╭─ Information provided

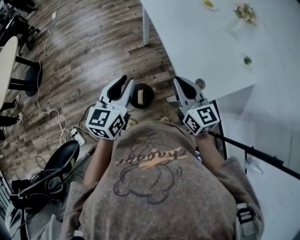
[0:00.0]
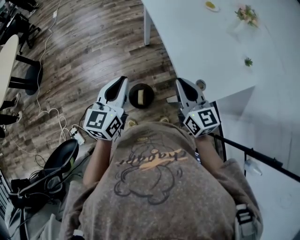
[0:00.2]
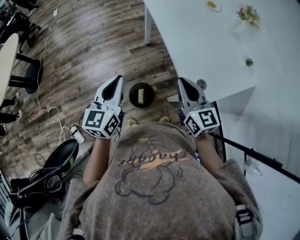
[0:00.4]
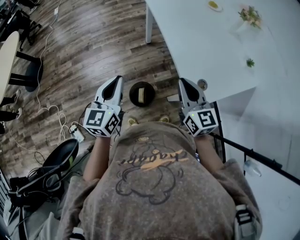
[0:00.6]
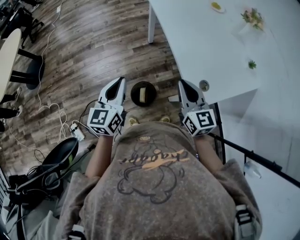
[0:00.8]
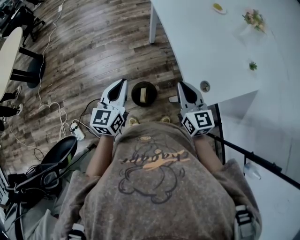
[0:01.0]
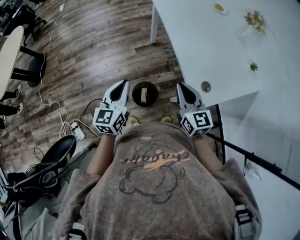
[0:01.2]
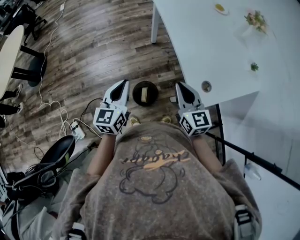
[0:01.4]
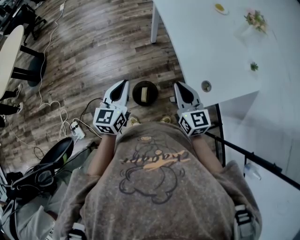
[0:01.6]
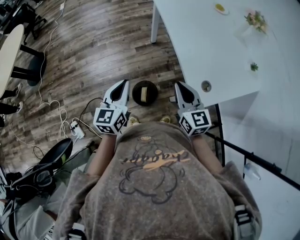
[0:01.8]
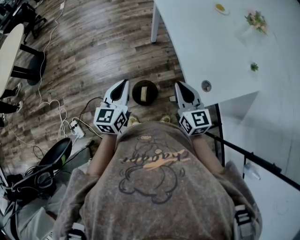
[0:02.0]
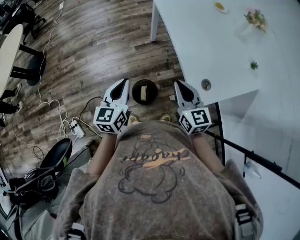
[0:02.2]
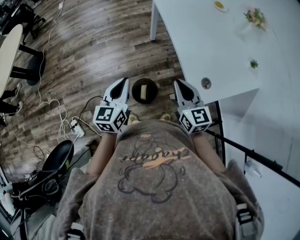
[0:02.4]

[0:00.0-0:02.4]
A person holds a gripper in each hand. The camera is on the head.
0:00.0 to 0:01.2: The grippers both shift downward by approximately 5 cm. The left gripper closes.
0:01.2 to 0:02.4: Neither gripper changes place.

╰─

Task objective: The entries are to be restated word for word, and no picture should appear in the copy.

Task answer:
[0:00.0]
[0:00.2]
[0:00.4]
[0:00.6]
[0:00.8]
[0:01.0]
[0:01.2]
[0:01.4]
[0:01.6]
[0:01.8]
[0:02.0]
[0:02.2]
[0:02.4]

[0:00.0-0:02.4]
A person holds a gripper in each hand. The camera is on the head.
0:00.0 to 0:01.2: The grippers both shift downward by approximately 5 cm. The left gripper closes.
0:01.2 to 0:02.4: Neither gripper changes place.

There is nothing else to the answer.